Dataset content:
*** Block opens ***
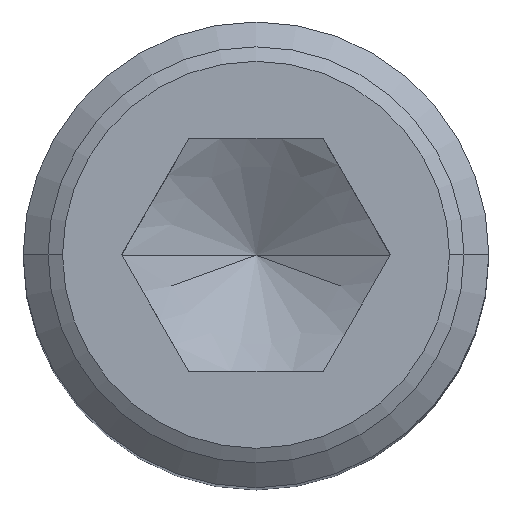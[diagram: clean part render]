
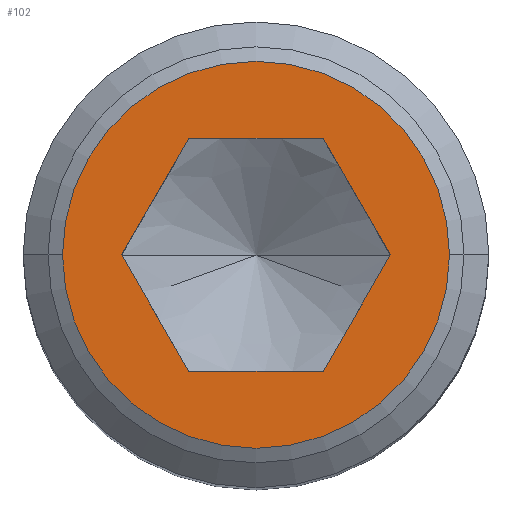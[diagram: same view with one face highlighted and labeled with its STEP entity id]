
A CAD part, top view. The second image highlights one B-rep face of the part: STEP entity #102.
In plain terms, the highlighted planar face has unit normal (0, 0, 1).
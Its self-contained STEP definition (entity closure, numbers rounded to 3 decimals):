
#102=ADVANCED_FACE('',(#192,#193),#194,.T.);
#192=FACE_BOUND('',#276,.T.);
#193=FACE_OUTER_BOUND('',#277,.T.);
#194=PLANE('',#278);
#276=EDGE_LOOP('',(#449,#450,#451,#452,#453,#454));
#277=EDGE_LOOP('',(#455,#456));
#278=AXIS2_PLACEMENT_3D('',#457,#458,#459);
#449=ORIENTED_EDGE('',*,*,#514,.T.);
#450=ORIENTED_EDGE('',*,*,#525,.T.);
#451=ORIENTED_EDGE('',*,*,#521,.T.);
#452=ORIENTED_EDGE('',*,*,#517,.T.);
#453=ORIENTED_EDGE('',*,*,#507,.T.);
#454=ORIENTED_EDGE('',*,*,#511,.T.);
#455=ORIENTED_EDGE('',*,*,#504,.T.);
#456=ORIENTED_EDGE('',*,*,#527,.T.);
#457=CARTESIAN_POINT('',(-2.855,0.,0.));
#458=DIRECTION('',(0.0,0.0,1.0));
#459=DIRECTION('',(-1.0,0.,0.0));
#504=EDGE_CURVE('',#591,#593,#595,.T.);
#507=EDGE_CURVE('',#599,#597,#600,.T.);
#511=EDGE_CURVE('',#597,#603,#605,.T.);
#514=EDGE_CURVE('',#603,#607,#609,.T.);
#517=EDGE_CURVE('',#613,#599,#614,.T.);
#521=EDGE_CURVE('',#619,#613,#620,.T.);
#525=EDGE_CURVE('',#607,#619,#624,.T.);
#527=EDGE_CURVE('',#593,#591,#626,.T.);
#591=VERTEX_POINT('',#727);
#593=VERTEX_POINT('',#730);
#595=CIRCLE('',#733,3.323);
#597=VERTEX_POINT('',#735);
#599=VERTEX_POINT('',#738);
#600=LINE('',#739,#740);
#603=VERTEX_POINT('',#744);
#605=LINE('',#747,#748);
#607=VERTEX_POINT('',#750);
#609=LINE('',#753,#754);
#613=VERTEX_POINT('',#767);
#614=LINE('',#768,#769);
#619=VERTEX_POINT('',#784);
#620=LINE('',#785,#786);
#624=LINE('',#800,#801);
#626=CIRCLE('',#803,3.323);
#727=CARTESIAN_POINT('',(-3.323,0.,0.));
#730=CARTESIAN_POINT('',(3.323,0.,0.));
#733=AXIS2_PLACEMENT_3D('',#856,#857,#858);
#735=CARTESIAN_POINT('',(1.155,-2.0,0.));
#738=CARTESIAN_POINT('',(2.309,0.0,0.));
#739=CARTESIAN_POINT('',(1.443,-1.5,0.));
#740=VECTOR('',#860,1.0);
#744=CARTESIAN_POINT('',(-1.155,-2.0,0.));
#747=CARTESIAN_POINT('',(-0.577,-2.0,0.));
#748=VECTOR('',#863,1.0);
#750=CARTESIAN_POINT('',(-2.309,0.0,0.));
#753=CARTESIAN_POINT('',(-2.021,-0.5,0.));
#754=VECTOR('',#865,1.0);
#767=CARTESIAN_POINT('',(1.155,2.0,0.));
#768=CARTESIAN_POINT('',(2.021,0.5,0.));
#769=VECTOR('',#866,1.0);
#784=CARTESIAN_POINT('',(-1.155,2.0,0.));
#785=CARTESIAN_POINT('',(0.577,2.0,0.));
#786=VECTOR('',#868,1.0);
#800=CARTESIAN_POINT('',(-1.443,1.5,0.));
#801=VECTOR('',#870,1.0);
#803=AXIS2_PLACEMENT_3D('',#871,#872,#873);
#856=CARTESIAN_POINT('',(0.,0.,0.));
#857=DIRECTION('',(0.0,0.0,1.0));
#858=DIRECTION('',(-1.0,0.,0.0));
#860=DIRECTION('',(-0.5,-0.866,0.));
#863=DIRECTION('',(-1.0,0.0,0.0));
#865=DIRECTION('',(-0.5,0.866,0.));
#866=DIRECTION('',(0.5,-0.866,0.));
#868=DIRECTION('',(1.0,0.0,0.0));
#870=DIRECTION('',(0.5,0.866,0.));
#871=CARTESIAN_POINT('',(0.,0.,0.));
#872=DIRECTION('',(0.0,0.0,1.0));
#873=DIRECTION('',(-1.0,0.,0.0));
*** Block closes ***
Repeat exactly the lines of the material from the one with "#857=DIRECTION('',(0.0,0.0,1.0));" through the end, both the first and the last included.

Solution for this task:
#857=DIRECTION('',(0.0,0.0,1.0));
#858=DIRECTION('',(-1.0,0.,0.0));
#860=DIRECTION('',(-0.5,-0.866,0.));
#863=DIRECTION('',(-1.0,0.0,0.0));
#865=DIRECTION('',(-0.5,0.866,0.));
#866=DIRECTION('',(0.5,-0.866,0.));
#868=DIRECTION('',(1.0,0.0,0.0));
#870=DIRECTION('',(0.5,0.866,0.));
#871=CARTESIAN_POINT('',(0.,0.,0.));
#872=DIRECTION('',(0.0,0.0,1.0));
#873=DIRECTION('',(-1.0,0.,0.0));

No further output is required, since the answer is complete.